**Instructions to follow**
The expected output is the first line of the data below and every line after it, up to and including the line containing "LaTeX: U \equiv", each reproduced exactly.

▼▼▼

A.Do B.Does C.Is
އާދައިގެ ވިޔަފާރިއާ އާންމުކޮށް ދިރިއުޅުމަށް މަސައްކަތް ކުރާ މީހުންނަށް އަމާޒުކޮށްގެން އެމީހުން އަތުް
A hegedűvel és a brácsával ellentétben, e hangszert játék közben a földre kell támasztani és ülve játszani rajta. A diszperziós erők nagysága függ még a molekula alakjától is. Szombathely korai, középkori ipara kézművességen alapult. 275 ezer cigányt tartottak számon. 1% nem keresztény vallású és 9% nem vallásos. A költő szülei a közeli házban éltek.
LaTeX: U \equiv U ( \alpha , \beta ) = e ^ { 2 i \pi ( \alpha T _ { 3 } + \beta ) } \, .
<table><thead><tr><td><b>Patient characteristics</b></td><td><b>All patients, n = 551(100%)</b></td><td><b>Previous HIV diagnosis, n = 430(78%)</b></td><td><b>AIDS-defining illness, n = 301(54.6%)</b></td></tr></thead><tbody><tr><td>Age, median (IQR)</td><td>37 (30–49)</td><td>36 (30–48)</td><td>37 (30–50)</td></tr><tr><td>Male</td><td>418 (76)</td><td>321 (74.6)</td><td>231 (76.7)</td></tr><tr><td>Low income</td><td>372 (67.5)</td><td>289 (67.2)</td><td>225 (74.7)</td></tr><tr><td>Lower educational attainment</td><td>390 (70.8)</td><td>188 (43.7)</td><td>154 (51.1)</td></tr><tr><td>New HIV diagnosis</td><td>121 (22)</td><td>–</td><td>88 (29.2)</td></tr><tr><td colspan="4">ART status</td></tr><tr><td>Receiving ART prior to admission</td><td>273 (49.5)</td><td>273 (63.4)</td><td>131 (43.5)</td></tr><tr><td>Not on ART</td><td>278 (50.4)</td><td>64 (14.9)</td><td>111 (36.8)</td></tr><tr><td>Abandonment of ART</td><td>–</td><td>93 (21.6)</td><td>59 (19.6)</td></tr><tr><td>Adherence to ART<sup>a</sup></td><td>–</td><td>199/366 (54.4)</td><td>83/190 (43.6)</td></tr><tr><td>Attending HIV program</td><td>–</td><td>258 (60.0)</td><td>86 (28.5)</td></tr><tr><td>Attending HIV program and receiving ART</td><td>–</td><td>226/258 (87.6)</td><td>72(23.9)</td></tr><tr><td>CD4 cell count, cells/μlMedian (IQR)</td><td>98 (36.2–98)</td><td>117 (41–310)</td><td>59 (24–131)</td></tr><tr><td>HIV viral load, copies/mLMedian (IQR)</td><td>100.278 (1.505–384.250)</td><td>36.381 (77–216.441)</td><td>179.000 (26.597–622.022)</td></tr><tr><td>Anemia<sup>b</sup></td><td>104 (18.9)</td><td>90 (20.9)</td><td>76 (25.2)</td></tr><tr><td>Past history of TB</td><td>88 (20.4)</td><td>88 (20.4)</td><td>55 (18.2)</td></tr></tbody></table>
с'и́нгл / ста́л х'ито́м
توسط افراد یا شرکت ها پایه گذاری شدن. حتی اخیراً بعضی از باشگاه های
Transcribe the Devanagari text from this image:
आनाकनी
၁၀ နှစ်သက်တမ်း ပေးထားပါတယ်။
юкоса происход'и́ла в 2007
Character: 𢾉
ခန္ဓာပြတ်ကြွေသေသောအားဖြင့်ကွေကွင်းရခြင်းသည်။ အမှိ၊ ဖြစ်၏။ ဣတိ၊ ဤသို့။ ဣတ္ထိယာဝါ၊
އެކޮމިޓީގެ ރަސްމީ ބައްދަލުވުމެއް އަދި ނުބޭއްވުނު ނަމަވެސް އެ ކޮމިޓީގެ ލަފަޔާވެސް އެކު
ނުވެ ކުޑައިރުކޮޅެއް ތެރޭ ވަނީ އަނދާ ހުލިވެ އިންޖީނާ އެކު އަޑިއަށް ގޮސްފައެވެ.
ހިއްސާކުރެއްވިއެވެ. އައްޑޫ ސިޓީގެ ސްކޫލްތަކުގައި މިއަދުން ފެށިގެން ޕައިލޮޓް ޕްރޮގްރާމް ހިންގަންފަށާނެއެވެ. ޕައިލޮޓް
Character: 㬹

▲▲▲

**Response to this task**
A.Do B.Does C.Is
އާދައިގެ ވިޔަފާރިއާ އާންމުކޮށް ދިރިއުޅުމަށް މަސައްކަތް ކުރާ މީހުންނަށް އަމާޒުކޮށްގެން އެމީހުން އަތުް
A hegedűvel és a brácsával ellentétben, e hangszert játék közben a földre kell támasztani és ülve játszani rajta. A diszperziós erők nagysága függ még a molekula alakjától is. Szombathely korai, középkori ipara kézművességen alapult. 275 ezer cigányt tartottak számon. 1% nem keresztény vallású és 9% nem vallásos. A költő szülei a közeli házban éltek.
LaTeX: U \equiv U ( \alpha , \beta ) = e ^ { 2 i \pi ( \alpha T _ { 3 } + \beta ) } \, .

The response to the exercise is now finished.